*** Opening Data for review ***

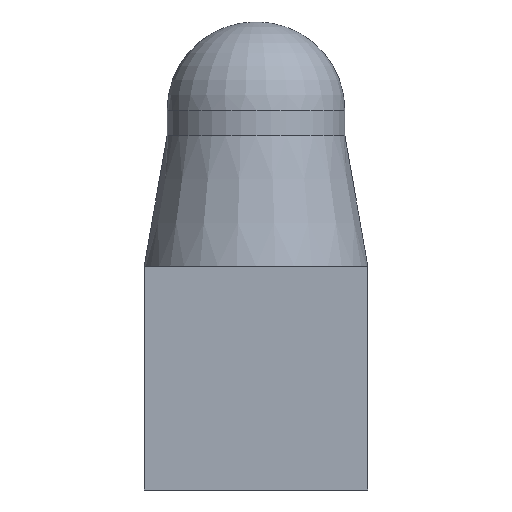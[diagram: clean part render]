
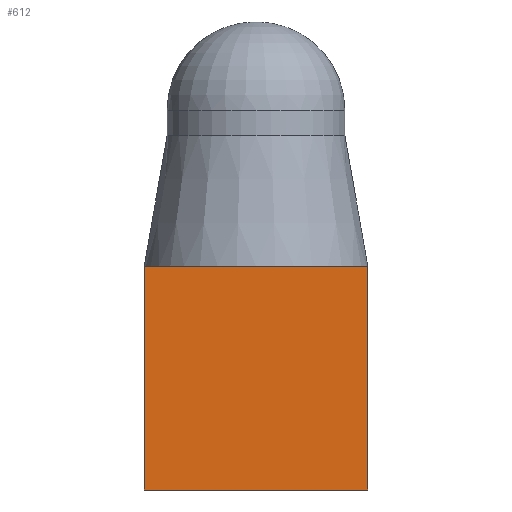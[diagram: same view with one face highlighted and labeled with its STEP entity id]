
A CAD part, front view. The second image highlights one B-rep face of the part: STEP entity #612.
In plain terms, the highlighted planar face has unit normal (0, -1, 0).
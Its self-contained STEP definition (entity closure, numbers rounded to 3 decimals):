
#67 = ORIENTED_EDGE ( 'NONE', *, *, #1015, .T. ) ;
#75 = EDGE_CURVE ( 'NONE', #89, #76, #991, .T. ) ;
#76 = VERTEX_POINT ( 'NONE', #471 ) ;
#89 = VERTEX_POINT ( 'NONE', #113 ) ;
#113 = CARTESIAN_POINT ( 'NONE',  ( -0.6, -1.5, 1.2 ) ) ;
#115 = FACE_OUTER_BOUND ( 'NONE', #524, .T. ) ;
#160 = EDGE_CURVE ( 'NONE', #771, #255, #481, .T. ) ;
#200 = DIRECTION ( 'NONE',  ( 1., 0., 0. ) ) ;
#252 = ORIENTED_EDGE ( 'NONE', *, *, #538, .F. ) ;
#255 = VERTEX_POINT ( 'NONE', #1134 ) ;
#285 = DIRECTION ( 'NONE',  ( 0., -1., 0. ) ) ;
#298 = DIRECTION ( 'NONE',  ( 0., 0., 1. ) ) ;
#407 = CARTESIAN_POINT ( 'NONE',  ( 0.6, -1.5, 0. ) ) ;
#427 = ORIENTED_EDGE ( 'NONE', *, *, #160, .T. ) ;
#451 = CARTESIAN_POINT ( 'NONE',  ( -0.6, -1.5, 1.2 ) ) ;
#461 = CARTESIAN_POINT ( 'NONE',  ( -0.6, -1.5, 0. ) ) ;
#471 = CARTESIAN_POINT ( 'NONE',  ( 0.6, -1.5, 1.2 ) ) ;
#481 = LINE ( 'NONE', #830, #933 ) ;
#524 = EDGE_LOOP ( 'NONE', ( #1078, #252, #427, #67 ) ) ;
#538 = EDGE_CURVE ( 'NONE', #771, #89, #1008, .T. ) ;
#581 = VECTOR ( 'NONE', #985, 1000. ) ;
#600 = VECTOR ( 'NONE', #200, 1000. ) ;
#612 = ADVANCED_FACE ( 'NONE', ( #115 ), #715, .T. ) ;
#666 = DIRECTION ( 'NONE',  ( 1., 0., 0. ) ) ;
#715 = PLANE ( 'NONE',  #902 ) ;
#739 = CARTESIAN_POINT ( 'NONE',  ( -0.6, -1.5, 0. ) ) ;
#758 = CARTESIAN_POINT ( 'NONE',  ( -0.6, -1.5, 0. ) ) ;
#771 = VERTEX_POINT ( 'NONE', #758 ) ;
#830 = CARTESIAN_POINT ( 'NONE',  ( -0.6, -1.5, 0. ) ) ;
#902 = AXIS2_PLACEMENT_3D ( 'NONE', #461, #285, #1099 ) ;
#933 = VECTOR ( 'NONE', #666, 1000. ) ;
#985 = DIRECTION ( 'NONE',  ( 0., 0., 1. ) ) ;
#991 = LINE ( 'NONE', #451, #600 ) ;
#1008 = LINE ( 'NONE', #739, #581 ) ;
#1015 = EDGE_CURVE ( 'NONE', #255, #76, #1105, .T. ) ;
#1072 = VECTOR ( 'NONE', #298, 1000. ) ;
#1078 = ORIENTED_EDGE ( 'NONE', *, *, #75, .F. ) ;
#1099 = DIRECTION ( 'NONE',  ( 0., 0., -1. ) ) ;
#1105 = LINE ( 'NONE', #407, #1072 ) ;
#1134 = CARTESIAN_POINT ( 'NONE',  ( 0.6, -1.5, 0. ) ) ;

*** Closing Data for review ***

What you need to do
Look through the data above. Find each line with the string "DIRECTION" and copy it.

Reply
#200 = DIRECTION ( 'NONE',  ( 1., 0., 0. ) ) ;
#285 = DIRECTION ( 'NONE',  ( 0., -1., 0. ) ) ;
#298 = DIRECTION ( 'NONE',  ( 0., 0., 1. ) ) ;
#666 = DIRECTION ( 'NONE',  ( 1., 0., 0. ) ) ;
#985 = DIRECTION ( 'NONE',  ( 0., 0., 1. ) ) ;
#1099 = DIRECTION ( 'NONE',  ( 0., 0., -1. ) ) ;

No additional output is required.